**WORK REQUEST:**
Reproduce exactly the span of lines that opens with the line containing "Pulmonary opacities, left: 2" and closes with the last line of the entries below.

(Extracted records)
▶

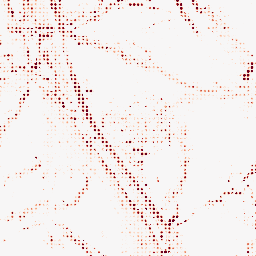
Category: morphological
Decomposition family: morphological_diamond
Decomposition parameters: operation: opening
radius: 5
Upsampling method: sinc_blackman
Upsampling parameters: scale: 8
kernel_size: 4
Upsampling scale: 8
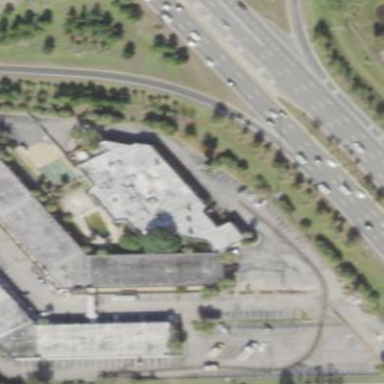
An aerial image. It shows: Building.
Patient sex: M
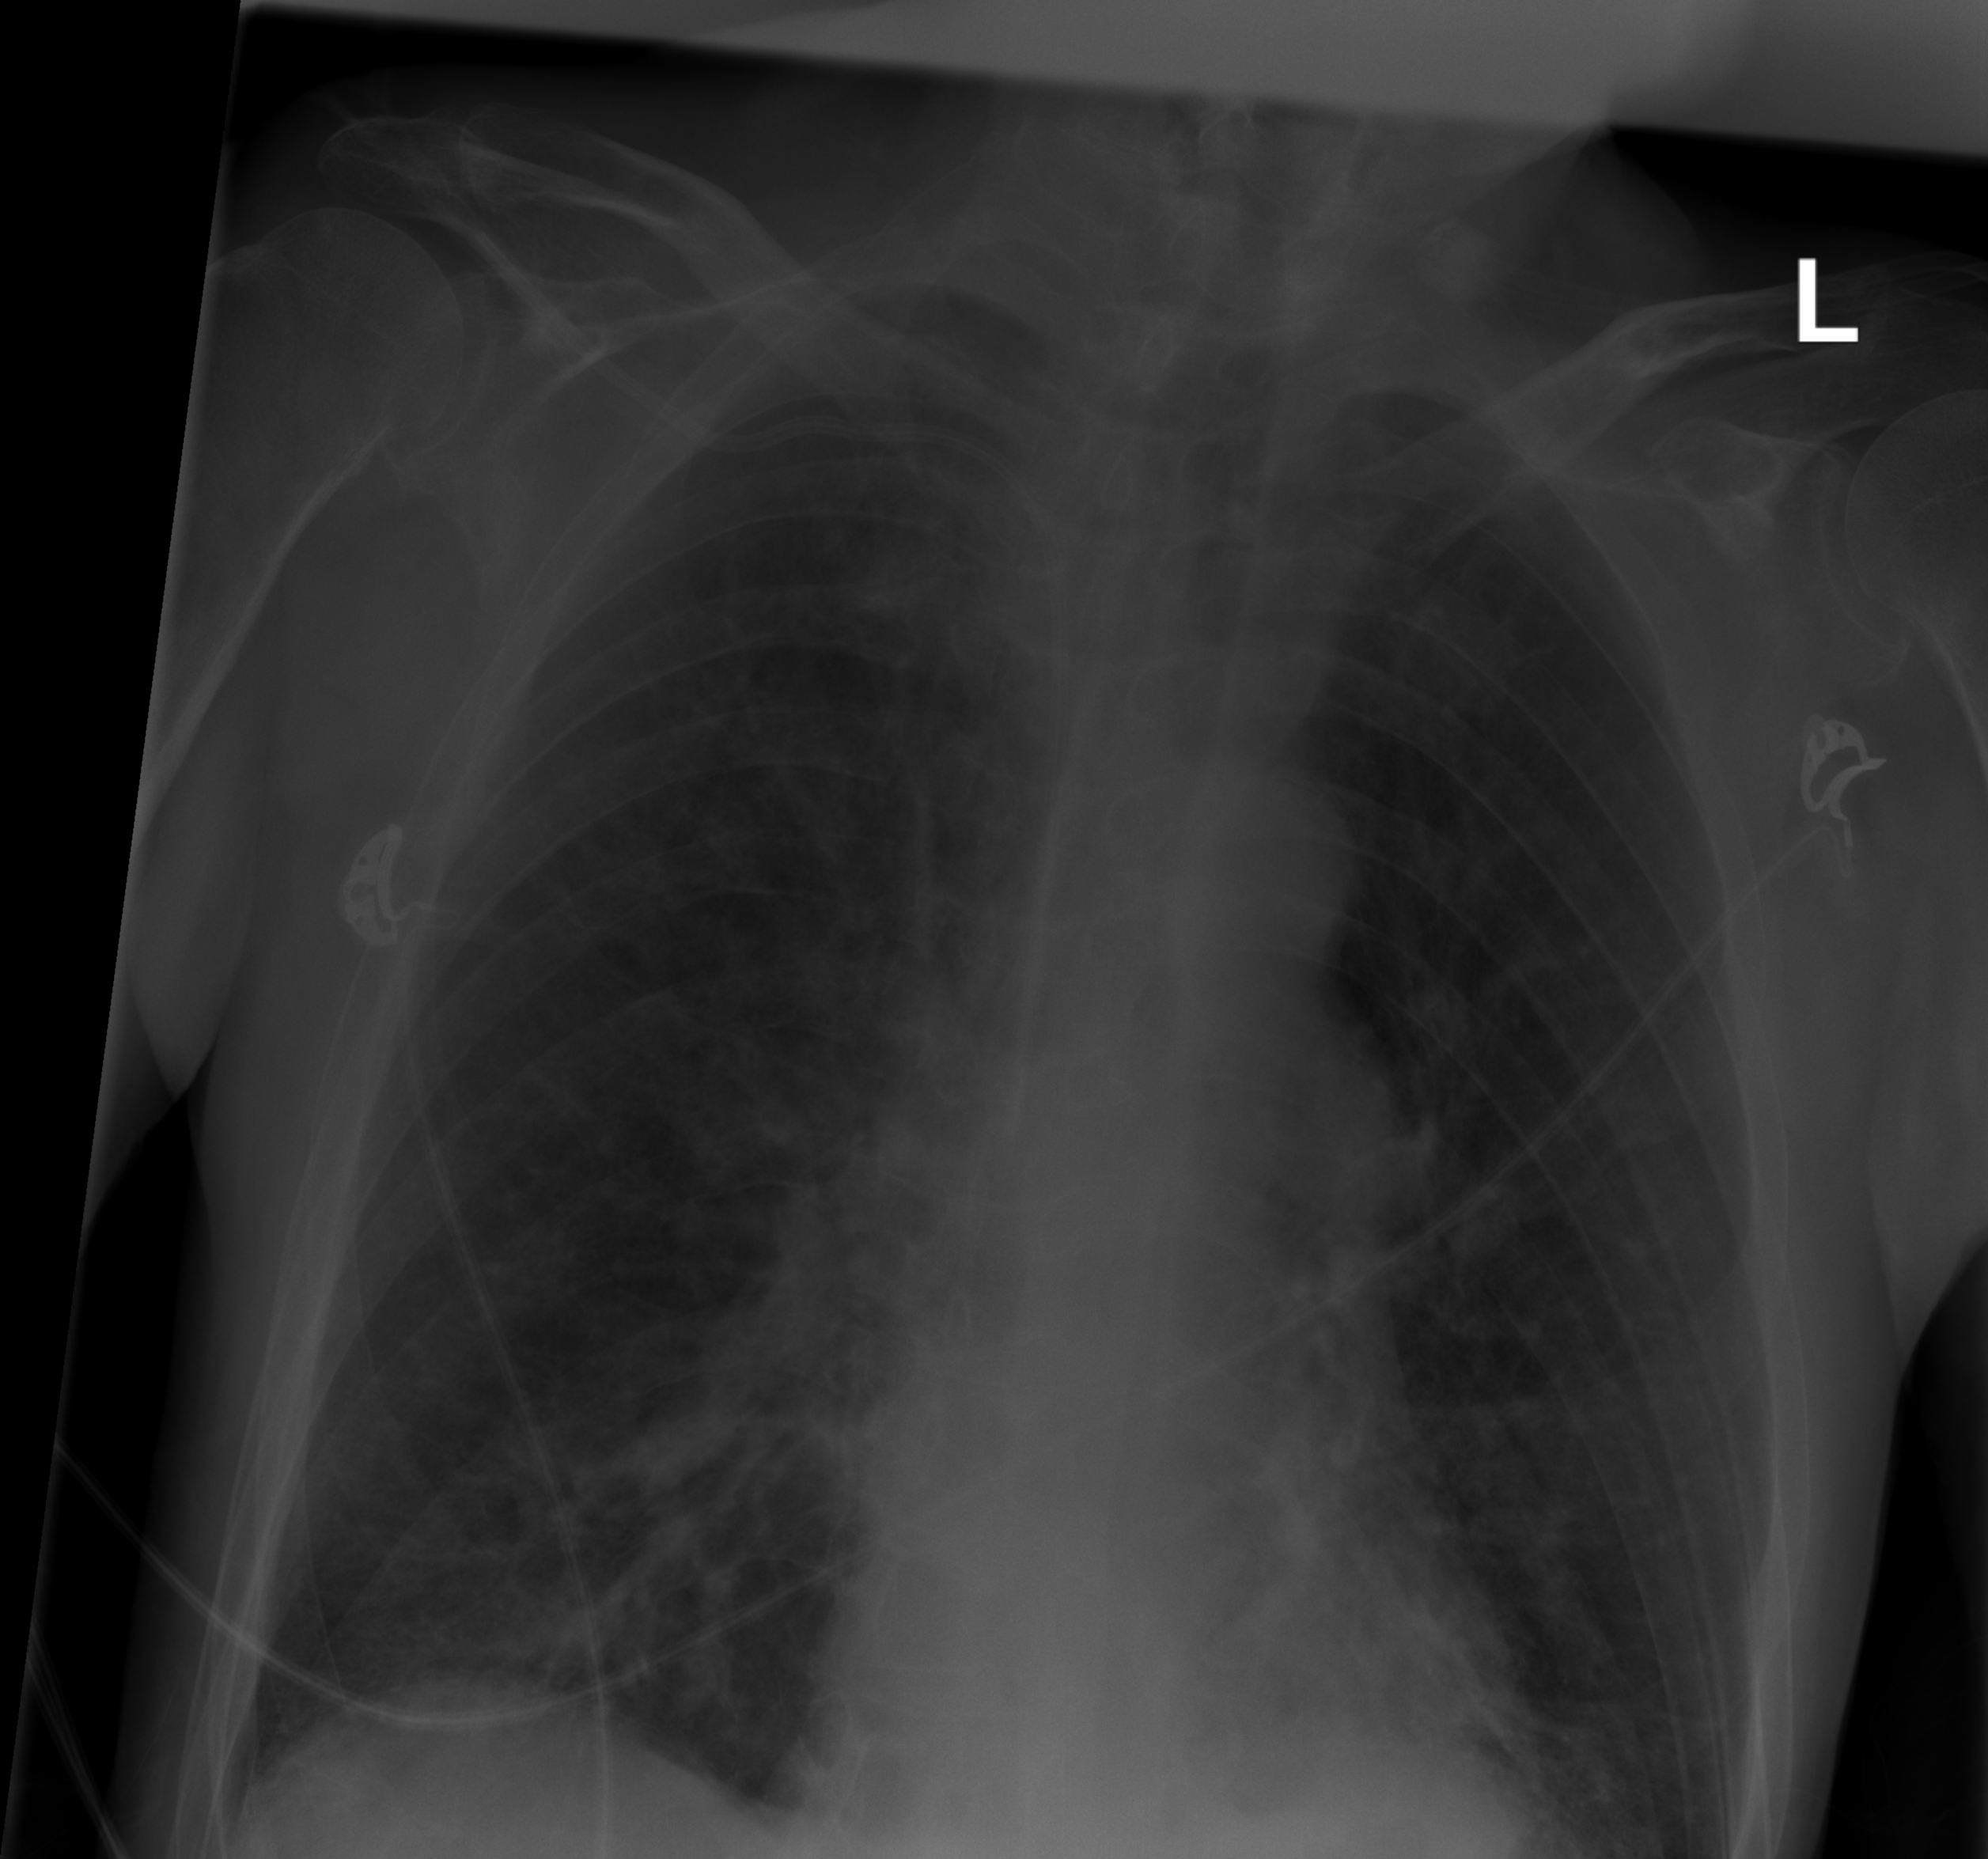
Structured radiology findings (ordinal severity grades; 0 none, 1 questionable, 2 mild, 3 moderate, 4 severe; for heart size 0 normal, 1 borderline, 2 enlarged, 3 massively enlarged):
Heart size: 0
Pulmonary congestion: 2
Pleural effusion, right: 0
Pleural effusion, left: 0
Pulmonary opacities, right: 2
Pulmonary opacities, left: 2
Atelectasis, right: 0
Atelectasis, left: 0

◀

**ANSWER TO THIS TASK:**
Pulmonary opacities, left: 2
Atelectasis, right: 0
Atelectasis, left: 0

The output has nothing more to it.